Identification of differentially expressed genes in pancreatic cancer cells using cDNA microarray

Haiyong Han, David J. Bearss, L. Walden Browne, Robert Calaluce, Raymond B. Nagle, Daniel D. Von Hoff

Research output: Contribution to journalArticlepeer-review

346 Scopus citations


To identify new diagnostic markers and drug targets for pancreatic cancer, we compared the gene expression patterns of pancreatic cancer cell lines growing in tissue culture with those of normal pancreas using cDNA microarray analysis. Fluorescently (cyanine 5) labeled cDNA probes, made individually from mRNA samples of nine pancreatic cell lines, were each combined with fluorescently (cyanine 3) labeled universal reference mRNA. The mixed probes of each sample were then hybridized with 5760 cDNA arrays (5289 unique cDNA sequences) printed on individual microscope slides. Fluorescently (cyanine 5) labeled normal pancreas mRNA was also compared with the same universal reference mRNA reference pool. The expression ratios of neoplastic versus normal pancreas cells were then calculated by multiplying the ratio of cancer versus the universal reference mRNA and the ratio of the universal reference mRNA cell versus normal pancreas. For 5289 different genes interrogated by the arrays, 30 of them showed an expression ratio 2 SD from the mean in at least three of the nine pancreatic cell lines studied.
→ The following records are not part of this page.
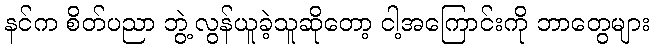
နင်က စိတ်ပညာ ဘွဲ့လွန်ယူခဲ့သူဆိုတော့ ငါ့အကြောင်းကို ဘာတွေများ
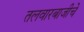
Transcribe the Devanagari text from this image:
तलवारबाजीचे
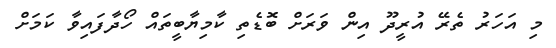
މި އަހަރު ތެރޭ އުރީދޫ އިން ވަރަށް ބޮޑެތި ކާމިޔާބީތައް ހޯދާފައިވާ ކަމަށް
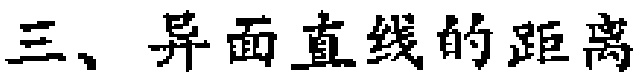
三、异面直线的距离
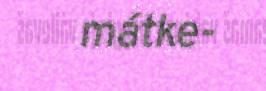
mátke-
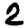
Digit: 2
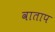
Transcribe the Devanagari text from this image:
वाताप
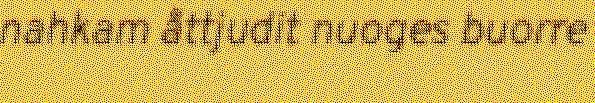
nahkam åttjudit nuoges buorre
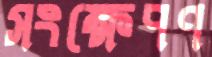
সংক্ষেপণ
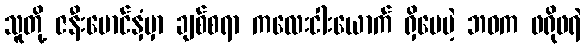
သူတို့ ဇနီးမောင်နှံမှာ ချစ်စရာ ကလေးငါးယောက် ရှိပေမဲ့ ဘဝက ဖရိုဖရဲ
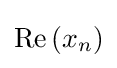
\operatorname {Re} {\left(x_{n}\right)}
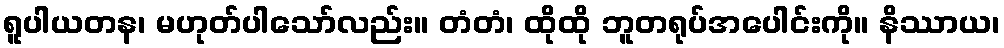
ရူပါယတန၊ မဟုတ်ပါသော်လည်း။ တံတံ၊ ထိုထို ဘူတရုပ်အပေါင်းကို။ နိဿာယ၊
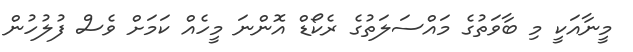
މީނާއަކީ މި ބާވަތުގެ މައްސަލަތުގެ ރެކޯޑް އޮންނަ މީހެއް ކަމަށް ވެސް ފުލުހުން
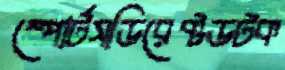
স্পোর্টসডিরেক্টডটক
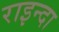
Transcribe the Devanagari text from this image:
राइन्दा
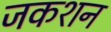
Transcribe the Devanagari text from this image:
जकशन
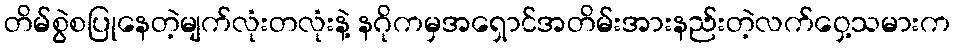
တိမ်စွဲစပြုနေတဲ့မျက်လုံးတလုံးနဲ့ နဂိုကမှအရှောင်အတိမ်းအားနည်းတဲ့လက်ဝှေ့သမားက
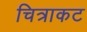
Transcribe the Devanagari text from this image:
चित्राकट
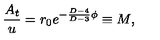
{ \frac { A _ { t } } { u } } = r _ { 0 } e ^ { - { \frac { D - 4 } { D - 3 } } \phi } \equiv M ,
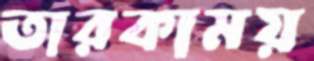
তারকাময়
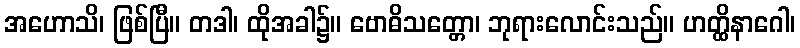
အဟောသိ၊ ဖြစ်ပြီ။ တဒါ၊ ထိုအခါ၌။ ဗောဓိသတ္တော၊ ဘုရားလောင်းသည်။ ဟတ္ထိနာဂေါ၊
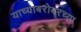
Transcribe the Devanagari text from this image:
याच्याबरोबरच्या
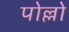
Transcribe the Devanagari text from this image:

To confirm the expression profiles of these genes, quantitative reverse transcription-PCR and Northern blot were carried out for 25 of the overexpressed genes. To verify the overexpression in patient samples, two of the overexpressed genes, c-Myc and Rad5l, were selected to undergo analysis by reverse transcription-PCR in frozen tumor tissues and by immunostaining in paraffin-embedded tissue section microarrays. The results of these experiments are in agreement with the microarray data. Potential up-regulated targets of note from this study include urokinase-type plasminogen activator receptor, serine/threonine kinase 15, thioredoxin reductase, and CDC28 protein kinase 2, as well as several others.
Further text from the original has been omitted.